Durante os 10 anos em que viveu no Rio, embora viesse para Porto Alegre sempre que podia, Humberto Gessinger tinha dificuldade para explicar aos cariocas por que adorava a terra natal. Agora, aos 55 anos, morando no bairro Auxiliadora, o fundador dos Engenheiros do Hawaii reflete sobre isso: qual era o obstáculo para expressar o que sentia? Ele é o quarto entrevistado da série que marca o aniversário da Capital.
Um baita lugar.
Adoro a Praça Gustavo Langsch (na Bela Vista). Não é muito conhecida, só me dei conta da sua beleza quando me mudei para perto dela. Tem uma diversidade bacana de árvores e é frequentada por muitos pássaros. Pelo declive acentuado, não é utilizada para corridas nem caminhadas, o que faz dela uma praça tranquila, introspectiva. No outono, com o chão coberto de folhas, se transforma em uma obra de arte. Fiz a capa do disco inSULar lá e, sempre que possível, é onde faço minhas reuniões de trabalho. Regadas a chimarrão ou bergamota.
Não tem mas deveria ter.
Porto Alegre deveria fazer jus ao nome. Andamos entristecidos por aqui. Nossa autoestima sempre andou na corda bamba, entre euforia e depressão, e os últimos tempos não têm ajudado muito. O Carnaval vem enfrentando problemas, nossa relação com o Guaíba é esquizofrênica, as obras da Copa se arrastaram... Dia a dia, nossos sonhos vão ficando menores. Mas o importante é não desistir deles. Senso crítico é fundamental, mas talvez seja hora de ver o copo meio cheio.
O melhor daqui.
Vez por outra até posso reclamar que a cidade une o que há de pior em cidades grandes e pequenas. Mas, na maior parte do tempo, acho que ela junta o que há de melhor em cada escala. Com boa vontade, dá para brincar de ser interiorano ou cosmopolita, conforme a vibe do momento. Morei 10 anos no Rio e lá me dei conta de que meu amor por Porto Alegre não é muito fácil de explicar. Sempre que tinha uma folga, vinha para cá. Meus amigos cariocas perguntavam por que, mas eu nunca soube "vender" Porto Alegre. O amor que tenho pela cidade não é coisa de turista, não cabe num guia, é feito de detalhes: o pôr de sol avermelhado, o sotaque cantado – que juramos não ser cantado –, as quatro estações bem definidas – que às vezes pintam no mesmo dia, para desespero do guarda-roupa –, o senso de humor particular, o prazer de caminhar por ruas que conheço desde guri…

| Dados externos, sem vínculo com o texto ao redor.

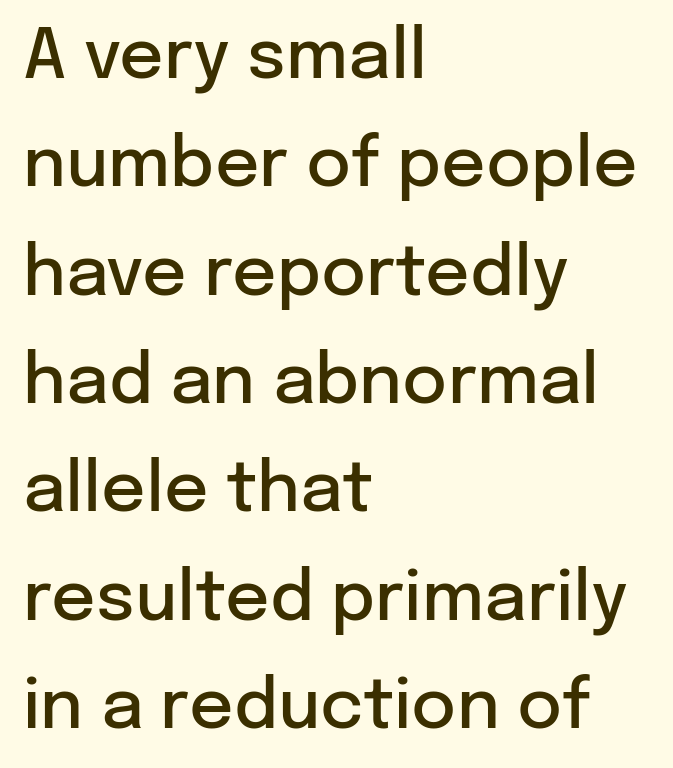
Q: Is the text bold? A: Semi-bold.
Q: Is the text italic (slanted)? A: No, it is upright.
Q: Is the typeface a serif or a sans-serif typeface? A: Sans-serif.
Q: Is the text underlined? A: No.
Q: How is the paragraph aligned? A: Left-aligned.
Q: Is the spacing between letters normal or unusually wide? A: Normal.
Q: Is the spacing between lines tight, normal or loose? A: Normal.
Q: Width (condensed, normal, or wide)? A: Normal.
Q: Stroke contrast? A: Low.
Q: x-height? A: Medium.
Q: Monospaced? A: No.
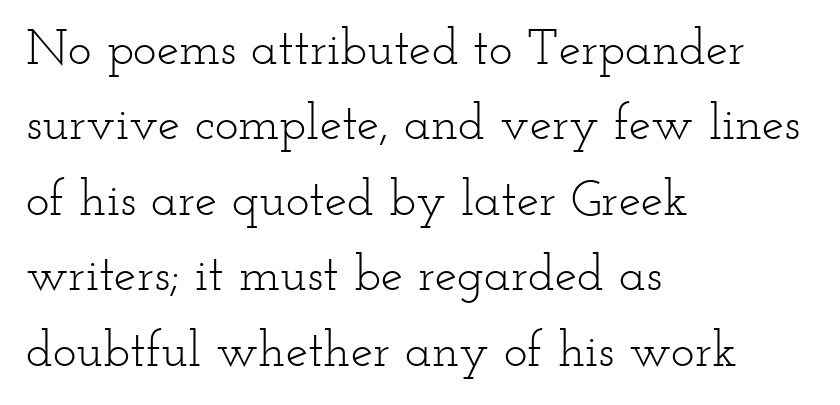
The image shows 50 px light, wide serif type, upright; set left-aligned, normal line spacing (1.51x), normal letter spacing, not underlined; low stroke contrast and a small x-height.
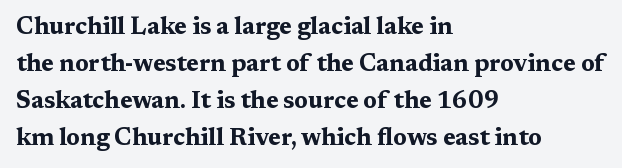
The image shows 24 px bold type, upright; set left-aligned, normal line spacing (1.54x), normal letter spacing, not underlined.
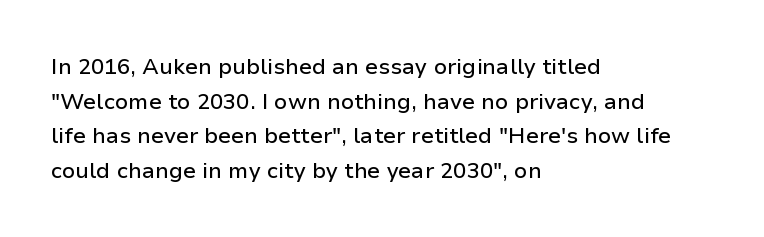
The image shows 22 px text type, upright; set left-aligned, normal line spacing (1.57x), normal letter spacing, not underlined.
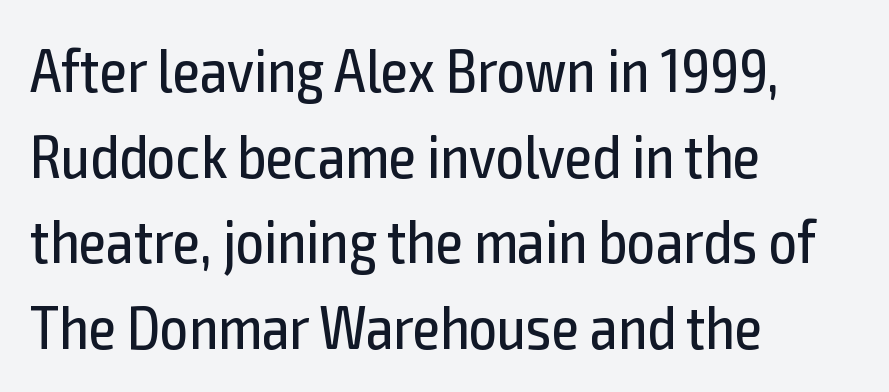
The image shows 62 px regular-weight, condensed sans-serif type, upright; set left-aligned, normal line spacing (1.38x), normal letter spacing, not underlined; a medium x-height.
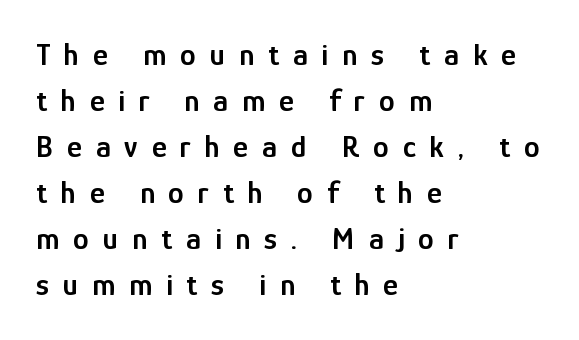
Descenders are the only things crossing below the line. This sample uses expanded letter spacing, leaving extra air between glyphs. It's the straight-up-and-down kind of type. Rows of type keep a routine distance in the vertical direction.

O amor que tenho pela cidade não é coisa de turista, não cabe num guia: ele é feito de detalhes.
Tem que resolver logo.
Não vou citar problemas que me parecem ser do mundo, da época ou do país. Para ser mais modesto, me bastaria que fôssemos melhores motoristas. Dirigimos como se estivéssemos "de a cavalo".
A cidade em 2029.
Datas festivas não são a melhor hora para ser muito realista. Então, imagino uma cidade democrática, com espaços públicos generosos e agradáveis. Uma cidade onde motoristas usam mais a seta do que a buzina. E Porto Alegre será, em todo o planeta, a cidade com o maior número de títulos mundiais de futebol – graças a seus dois grandes clubes, cujas torcidas se respeitam e nunca brigam. A violência terá ficado no passado, junto com os muros e as grades que separavam o que é meu do que é nosso, lá nos idos de 2019.